> _Work task_
The response must consist of the lines below from the one with "35.5C161.262 35.5 171.653" through the one with "35.5C77.614 35.5 100", exactly as they appear and with both ends kept.

> _Material provided_
[Start of section]

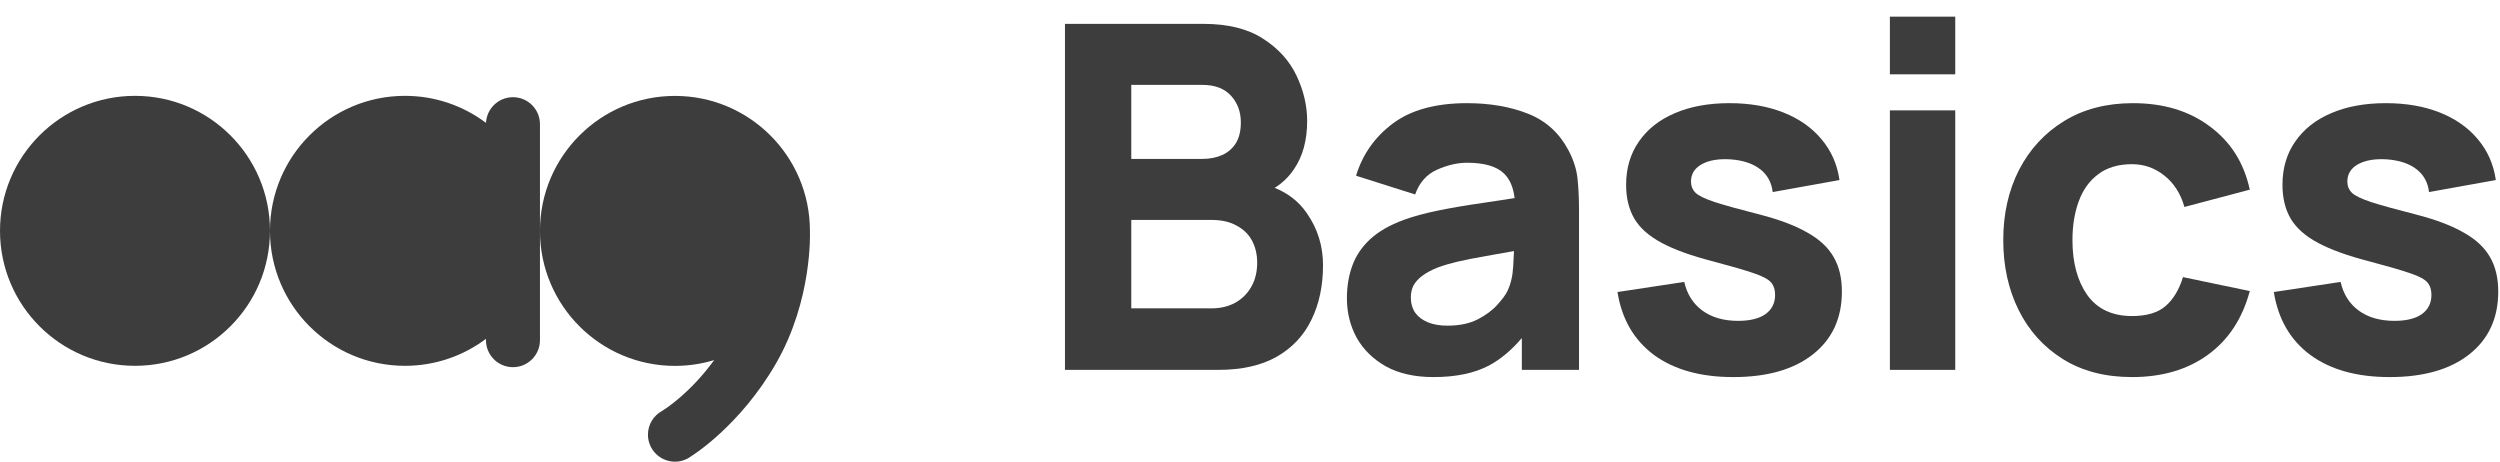 <svg width="926" height="171" viewBox="0 0 926 171" fill="none" xmlns="http://www.w3.org/2000/svg">
<path d="M250 35.524C277.614 35.524 300 57.91 300 85.524C300 85.683 299.999 85.842 299.997 86H300C300 86 301 111 287.5 134.5C274.118 157.794 256.315 168.806 256.004 168.997C254.332 170.254 252.253 171 250 171C244.477 171 240 166.523 240 161C240 157.22 242.098 153.93 245.193 152.23C246.621 151.357 255.661 145.554 264.529 133.379C259.931 134.773 255.053 135.524 250 135.524C222.386 135.524 200 113.139 200 85.524C200 57.91 222.386 35.524 250 35.524Z" fill="#3D3D3D"/>
<path d="M150 35.5C161.262 35.5 171.653 39.224 180.012 45.507C180.269 40.213 184.643 36 190 36C195.523 36 200 40.477 200 46V126C200 131.523 195.523 136 190 136C184.477 136 180 131.523 180 126V125.501C171.643 131.778 161.257 135.5 150 135.5C122.386 135.5 100 113.114 100 85.5C100 57.886 122.386 35.5 150 35.5Z" fill="#3D3D3D"/>
<path d="M50 35.5C77.614 35.5 100 57.886 100 85.5C100 113.114 77.614 135.5 50 135.5C22.386 135.5 0 113.114 0 85.5C0 57.886 22.386 35.5 50 35.5Z" fill="#3D3D3D"/>
<path fill-rule="evenodd" clip-rule="evenodd" d="M543.396 38.21C551.881 38.21 559.416 39.515 566.002 42.126C572.588 44.737 577.572 49.246 580.954 55.654C582.853 59.214 583.98 62.774 584.336 66.334C584.692 69.894 584.87 73.869 584.87 78.26V137H563.688V125.199C559.864 129.706 555.8 133.106 551.495 135.398C546.096 138.246 539.242 139.67 530.936 139.67C524.053 139.67 518.209 138.364 513.403 135.754C508.657 133.084 505.037 129.554 502.545 125.163C500.112 120.713 498.896 115.818 498.896 110.478C498.897 106.028 499.579 101.964 500.943 98.285C502.308 94.606 504.503 91.373 507.529 88.584C510.615 85.736 514.738 83.362 519.9 81.464C523.46 80.159 527.703 79.002 532.627 77.993C537.552 76.984 543.129 76.034 549.359 75.144C553.026 74.586 556.908 73.996 561.006 73.376C560.546 69.413 559.245 66.384 557.102 64.287C554.372 61.617 549.804 60.282 543.396 60.282C539.837 60.282 536.128 61.143 532.271 62.863C528.415 64.584 525.715 67.64 524.172 72.03L502.278 65.088C504.711 57.137 509.28 50.669 515.984 45.685C522.689 40.702 531.827 38.21 543.396 38.21ZM560.784 92.994C556.798 93.675 553.375 94.28 550.516 94.814C546.066 95.585 542.476 96.297 539.747 96.95C537.018 97.603 534.615 98.315 532.538 99.086C530.165 100.035 528.236 101.074 526.753 102.201C525.329 103.269 524.261 104.455 523.549 105.761C522.896 107.066 522.57 108.52 522.57 110.122C522.57 112.317 523.104 114.216 524.172 115.818C525.299 117.361 526.872 118.547 528.889 119.378C530.906 120.209 533.309 120.624 536.098 120.624C540.548 120.624 544.286 119.852 547.312 118.31C550.397 116.708 552.83 114.898 554.61 112.881C556.45 110.864 557.695 109.172 558.348 107.808C559.594 105.197 560.306 102.171 560.484 98.73C560.629 96.598 560.728 94.686 560.784 92.994Z" fill="#3D3D3D"/>
<path d="M640.585 38.21C648.12 38.21 654.796 39.367 660.61 41.681C666.425 43.995 671.112 47.288 674.672 51.56C678.291 55.832 680.517 60.876 681.348 66.69L656.605 71.14C656.19 67.58 654.647 64.761 651.978 62.685C649.308 60.608 645.688 59.392 641.119 59.036C636.669 58.739 633.08 59.333 630.351 60.816C627.681 62.3 626.346 64.435 626.346 67.224C626.346 68.885 626.909 70.28 628.036 71.407C629.223 72.534 631.626 73.691 635.245 74.878C638.924 76.065 644.502 77.607 651.978 79.506C659.275 81.404 665.12 83.629 669.511 86.181C673.961 88.673 677.194 91.699 679.211 95.259C681.228 98.76 682.237 103.002 682.237 107.986C682.237 117.835 678.677 125.578 671.558 131.215C664.438 136.851 654.588 139.67 642.01 139.67C629.906 139.67 620.116 136.941 612.64 131.482C605.223 125.964 600.713 118.191 599.111 108.164L623.854 104.426C624.862 108.935 627.087 112.465 630.528 115.017C634.029 117.568 638.449 118.844 643.789 118.844C648.18 118.844 651.562 118.013 653.936 116.352C656.309 114.631 657.495 112.258 657.495 109.232C657.495 107.334 657.021 105.821 656.071 104.693C655.122 103.507 652.986 102.349 649.663 101.222C646.4 100.094 641.297 98.611 634.355 96.772C626.523 94.754 620.263 92.5 615.576 90.008C610.889 87.516 607.507 84.549 605.431 81.108C603.354 77.608 602.315 73.394 602.315 68.47C602.315 62.299 603.888 56.959 607.032 52.45C610.177 47.882 614.597 44.381 620.293 41.948C626.048 39.456 632.812 38.21 640.585 38.21Z" fill="#3D3D3D"/>
<path d="M790.065 38.21C801.398 38.21 810.891 41.088 818.545 46.843C826.258 52.539 831.183 60.341 833.319 70.25L809.111 76.658C807.687 71.674 805.195 67.788 801.635 64.999C798.134 62.21 794.159 60.816 789.709 60.816C784.606 60.816 780.423 62.062 777.16 64.554C773.897 66.986 771.494 70.339 769.951 74.611C768.409 78.824 767.637 83.6 767.637 88.94C767.637 97.306 769.477 104.1 773.155 109.321C776.893 114.483 782.411 117.063 789.709 117.063C795.168 117.063 799.321 115.818 802.169 113.326C805.017 110.834 807.153 107.274 808.577 102.646L833.319 107.808C830.59 118.013 825.428 125.875 817.833 131.393C810.238 136.911 800.864 139.67 789.709 139.67C779.741 139.67 771.197 137.445 764.077 132.995C756.957 128.545 751.499 122.493 747.701 114.839C743.904 107.185 742.005 98.552 742.005 88.94C742.005 79.21 743.963 70.517 747.879 62.863C751.854 55.209 757.432 49.187 764.611 44.796C771.791 40.405 780.276 38.21 790.065 38.21Z" fill="#3D3D3D"/>
<path d="M883.694 38.21C891.23 38.21 897.905 39.367 903.72 41.681C909.534 43.995 914.221 47.288 917.781 51.56C921.401 55.832 923.625 60.876 924.456 66.69L899.715 71.14C899.299 67.58 897.757 64.761 895.087 62.685C892.417 60.608 888.797 59.392 884.229 59.036C879.779 58.739 876.189 59.333 873.46 60.816C870.79 62.3 869.454 64.435 869.454 67.224C869.454 68.885 870.018 70.28 871.146 71.407C872.332 72.534 874.735 73.691 878.354 74.878C882.033 76.065 887.611 77.607 895.087 79.506C902.385 81.404 908.229 83.629 912.619 86.181C917.069 88.673 920.303 91.699 922.32 95.259C924.338 98.76 925.347 103.002 925.347 107.986C925.347 117.835 921.786 125.578 914.666 131.215C907.546 136.851 897.697 139.67 885.118 139.67C873.014 139.67 863.224 136.941 855.748 131.482C848.331 125.964 843.823 118.191 842.221 108.164L866.963 104.426C867.972 108.935 870.196 112.465 873.638 115.017C877.138 117.568 881.558 118.844 886.898 118.844C891.289 118.844 894.672 118.013 897.045 116.352C899.418 114.631 900.604 112.258 900.604 109.232C900.604 107.334 900.13 105.821 899.181 104.693C898.231 103.507 896.095 102.349 892.772 101.222C889.509 100.094 884.407 98.611 877.465 96.772C869.633 94.754 863.373 92.5 858.686 90.008C853.998 87.516 850.616 84.55 848.539 81.108C846.462 77.608 845.425 73.394 845.425 68.47C845.425 62.299 846.997 56.959 850.142 52.45C853.286 47.882 857.706 44.381 863.402 41.948C869.158 39.456 875.922 38.21 883.694 38.21Z" fill="#3D3D3D"/>
<path fill-rule="evenodd" clip-rule="evenodd" d="M445.724 8.84C454.861 8.84 462.248 10.679 467.885 14.357C473.521 17.977 477.645 22.546 480.256 28.064C482.867 33.581 484.172 39.159 484.172 44.796C484.172 51.975 482.54 57.938 479.277 62.685C477.338 65.558 474.951 67.854 472.119 69.575C477.144 71.596 481.103 74.697 483.994 78.883C488.029 84.638 490.046 91.076 490.046 98.196C490.046 105.85 488.622 112.584 485.774 118.398C482.986 124.213 478.713 128.782 472.958 132.104C467.203 135.368 459.964 137 451.242 137H394.46V8.84H445.724ZM419.024 114.216H448.75C452.013 114.216 454.92 113.534 457.472 112.169C460.023 110.745 462.011 108.787 463.435 106.295C464.918 103.744 465.66 100.747 465.66 97.306C465.66 94.28 465.037 91.58 463.791 89.207C462.545 86.834 460.646 84.964 458.095 83.6C455.603 82.176 452.488 81.464 448.75 81.464H419.024V114.216ZM419.024 58.857H445.368C448.097 58.857 450.53 58.383 452.666 57.434C454.802 56.484 456.493 55.031 457.739 53.073C458.985 51.056 459.608 48.475 459.608 45.33C459.608 41.414 458.392 38.121 455.959 35.451C453.526 32.781 449.996 31.446 445.368 31.446H419.024V58.857Z" fill="#3D3D3D"/>
<path d="M724.224 137H700.016V40.88H724.224V137Z" fill="#3D3D3D"/>
<path d="M724.224 27.53H700.016V6.17H724.224V27.53Z" fill="#3D3D3D"/>
</svg>

[End of section]

> _Result of the task_
<path d="M150 35.5C161.262 35.5 171.653 39.224 180.012 45.507C180.269 40.213 184.643 36 190 36C195.523 36 200 40.477 200 46V126C200 131.523 195.523 136 190 136C184.477 136 180 131.523 180 126V125.501C171.643 131.778 161.257 135.5 150 135.5C122.386 135.5 100 113.114 100 85.5C100 57.886 122.386 35.5 150 35.5Z" fill="#3D3D3D"/>
<path d="M50 35.5C77.614 35.5 100 57.886 100 85.5C100 113.114 77.614 135.5 50 135.5C22.386 135.5 0 113.114 0 85.5C0 57.886 22.386 35.5 50 35.5Z" fill="#3D3D3D"/>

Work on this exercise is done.